22 Mar 2017

The Impact of South Africa's Country-by-Country Reporting Regulations

by Anton Lockem, Partner, Durban,
Practice Area(s): Tax |

Business Day reported that in 30 cases since 2014, the South African Revenue Service (“SARS”) had made transfer pricing adjustments of more than R20 billion, with an income tax impact of R5 billion. Minister Pravin Gordhan expressed in his 2017 budget speech that SARS is increasing its auditing capacity on the transfer prices imposed by multinational entities (“MNEs”). One of the measures implemented to enhance SARS’ oversight on MNEs’ transfer pricing policies is the new Country-by-Country reporting (“CbCr”) standards for MNEs.

On 23 December 2016, South Africa issued Government Gazette 40516, which gives effect to the new regulations on CbCr requirements for MNEs. These regulations follow the 2015 final report from the Organisation for Economic Development’s (“OECD”) Base Erosion and Profit Shifting (BEPS) initiative that was adopted by the G20 countries. Although South Africa is not part of the G20, it is a follower of the OECD. Action plan 13 of the final OECD report provides CbCr requirements for MNEs, which the South African regulations have adopted.

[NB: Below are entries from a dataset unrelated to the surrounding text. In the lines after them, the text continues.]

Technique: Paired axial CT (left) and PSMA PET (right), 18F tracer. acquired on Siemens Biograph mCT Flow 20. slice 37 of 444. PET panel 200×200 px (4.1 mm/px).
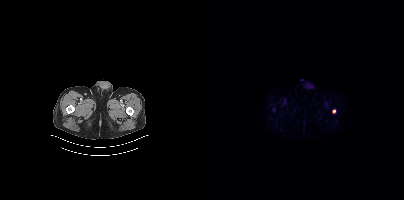
Findings: Coordinates are on the 200×200 PET (right) panel. PSMA-avid tumor lesion bounding box (x0, y0)-(x1, y1): (128, 109)-(131, 113).
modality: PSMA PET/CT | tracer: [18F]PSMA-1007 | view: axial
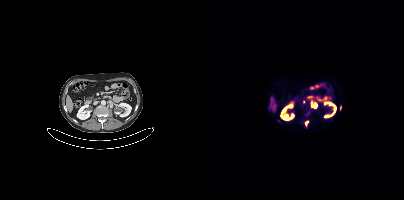
Coordinates are on the 200×200 PET (right) panel. PSMA-avid tumor lesion bounding boxes (x0, y0)-(x1, y1): (107, 101)-(113, 107) / (101, 120)-(104, 125). Small PSMA-avid foci (2 to 4 px across) near (center x, center y): (99, 101) / (136, 108).
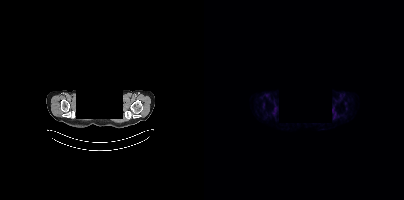
- Two-panel axial: CT | PSMA PET, [68Ga]Ga-PSMA-11 tracer
- slice 348 of 389
- PET panel 200×200 px (4.1 mm/px)
- a rectangular block over the head has been blanked out for de-identification
Findings: No PSMA-avid tumor lesions on this slice.
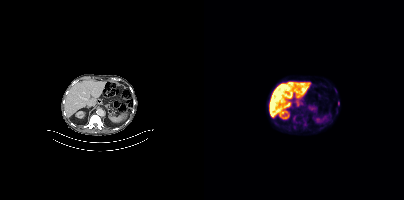
Only PSMA-avid lesion pieces thinner than 2 px on this slice (not listed).
modality: PSMA PET/CT | tracer: 18F | view: axial | PET grid: 200×200
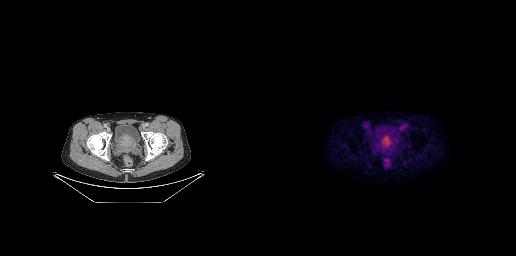
{"modality":"PSMA PET/CT","view":"axial","tracer":"[18F]PSMA-1007","pet_grid":[256,256],"coord_frame":"pet_panel","coord_format":"x0,y0,x1,y1","lesion_bboxes":[[116,133,135,152]]}
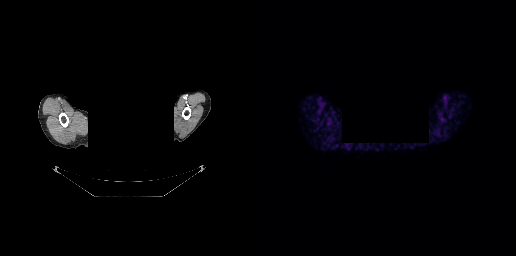
Findings: No PSMA-avid tumor lesions on this slice.
Technique: Two-panel axial: CT | PSMA PET, 68Ga tracer. slice position z = -264 mm.
Note: Facial anatomy redacted by setting a rectangular region of the head to black.
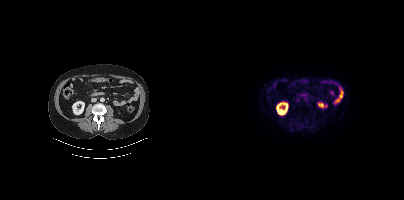
Two-panel axial: CT | PSMA PET, 18F-PSMA tracer. Slice position z = -1183 mm. PET panel 200×200 px (4.1 mm/px). Only PSMA-avid lesion pieces thinner than 2 px on this slice (not listed).
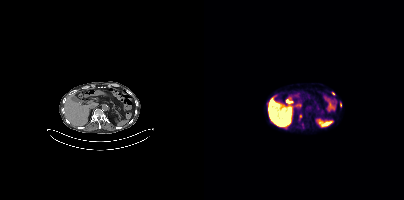
Two-panel axial: CT | PSMA PET, [18F]PSMA-1007 tracer.
Coordinates are on the 200×200 PET (right) panel. PSMA-avid tumor lesion bounding boxes:
| # | x0 | y0 | x1 | y1 |
|---|---|---|---|---|
| 1 | 95 | 114 | 97 | 119 |
Small PSMA-avid foci (2 to 4 px across) near (center x, center y): (129, 93); (136, 104).
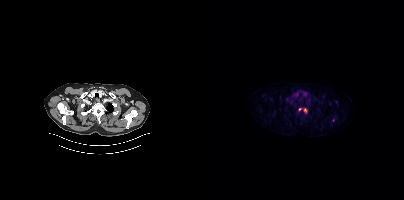
modality: PSMA PET/CT | tracer: [18F]PSMA-1007 | view: axial | PET grid: 200×200
Coordinates are on the 200×200 PET (right) panel. Small PSMA-avid foci (2 to 4 px across) near (center x, center y): (101, 110) / (95, 109) / (129, 120).
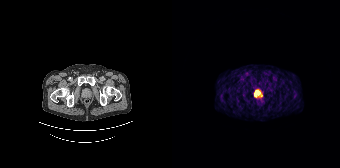
modality: PSMA PET/CT | tracer: 68Ga | view: axial
Coordinates are on the 168×168 PET (right) panel. PSMA-avid tumor lesion bounding box (x, y, width, height): x=82 y=90 w=9 h=8.
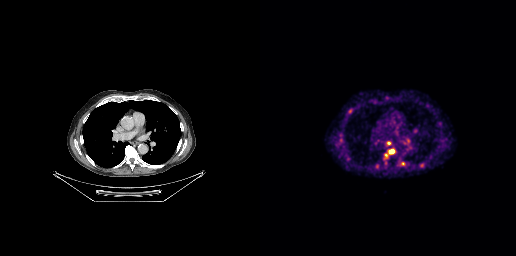
{"modality":"PSMA PET/CT","view":"axial","tracer":"68Ga-PSMA","pet_grid":[256,256],"coord_frame":"pet_panel","coord_format":"x0,y0,x1,y1","partial":true,"lesion_bboxes":[[129,149,134,153],[140,162,145,165]],"small_foci_centers":[[128,143],[161,165],[116,166]]}
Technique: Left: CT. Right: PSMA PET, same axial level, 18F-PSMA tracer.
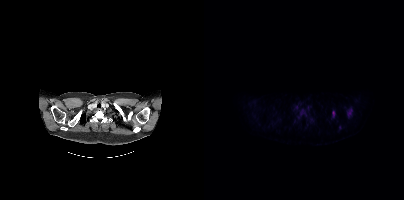
Findings: Coordinates are on the 200×200 PET (right) panel. (showing 2 of 3 foci) PSMA-avid tumor lesion bounding box (x0,y0,x1,y1): [143,111,146,115]. Small PSMA-avid focus (2 to 4 px across) near (center x, center y): (135, 127).
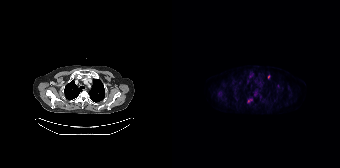
Technique: Paired axial CT (left) and PSMA PET (right), 18F-PSMA tracer.
Findings: Coordinates are on the 168×168 PET (right) panel. (showing 3 of 4 foci) PSMA-avid tumor lesion bounding box (x, y, width, height): x=105 y=84 w=3 h=5. Small PSMA-avid foci (2 to 4 px across) near (center x, center y): (77, 100) | (96, 76).

Who Must File a Country-by-Country Report in South Africa?

 The CbCr regulations impose an obligation on certain MNEs to file a CbCr with SARS if certain criteria are met. One is obliged to file a CbCr with SARS if the Ultimate Parent Entity of an MNE Group is resident for tax purposes in South Africa. A Constituent Entity that is not the Ultimate Parent Entity of an MNE Group is obliged to file a CbCr with SARS if it is a resident for tax purposes in South Africa and one of the following criteria are met:

The Ultimate Parent Entity of the MNE Group is not obliged to file a CbCr in its jurisdiction of tax residence;
The Ultimate Parent Entity’s jurisdiction in which it is resident for tax purposes does not have a Qualifying Competent Authority Agreement (i.e.: an agreement between the respective countries allowing for the automatic exchange of CbCr information) in effect with South Africa by the time of the filing deadline (31 December 2017); or
There has been a Systemic Failure of the jurisdiction of tax residence of the Ultimate Parent Entity to automatically exchange CbCr information with South Africa.
MNEs are excluded from filing a CbCr if the MNE Group’s consolidated revenue is less than R10 billion, or €750 million if the Ultimate Parent Entity is tax resident in an EU member’s Jurisdiction.

What Information Must Be Contained in the Country-by-Country Report?

 Article 4 of the regulations require that, inter alia, a CbCr  disclose the following information regarding each jurisdiction in which the MNE Group operates:

Aggregate revenue amount;
Profit or loss before income tax;
Income tax accrued and income tax paid;
Number of employees;
Tangible assets other than cash;
Identity of every Constituent Entity of the MNE group;
The jurisdiction of each Constituent Entity’s tax residence; and
The nature of the main business activities of every Constituent Entity.
Use of the Country-by-Country Reporting Information

Article 6 of the regulations provide that SARS must preserve the confidentiality of the information contained in the CbCr. Furthermore, SARS may not base a transfer pricing adjustment on the CbCr. The purpose of the CbCr is to assess high-level transfer pricing risks and other BEPS risks in South Africa, which includes assessing the risk of non-compliance with transfer pricing rules by members of the MNE Group. Despite these regulations, Bloomberg BNA recently reported that MNEs based in Germany doubt that BRICS nations will preserve the confidentiality of the information in their CbCr and have expressed a concern that information will be leaked to the press and expose their global tax profits. It remains to be seen what impact this concern of German based MNEs will have on the automatic exchange of CbCr information with South Africa.

Other Transfer Pricing Documentation Requirements

 Taxpayers must not only take cognisance of the CbCr regulations, but also the documentation requirements as set out in Government Gazette 40375. The regulations in this publication set a considerably lower threshold than the CbCr regulations. Unlike the R10 billion consolidated group revenue threshold in the CbCr regulations, the documentation requirement regulations impact all persons that have entered into an affected transaction and the aggregate of those transactions for the year is reasonably expected to exceed R100 million, or the potentially affected transaction is reasonably expected to exceed R5 million.

Conclusion

If a MNE Group is required to comply with the CbCr regulations, one of the entities in the group will have to file the CbCr in its jurisdiction of tax residence. This information is to be automatically exchanged with the other jurisdictions the MNE operates in. Taxpayers are advised to prepare transfer pricing documentation as well as CbCr as soon as possible to identify whether the regulations will impact on SARS’ transfer pricing risk assessment of the MNE Group.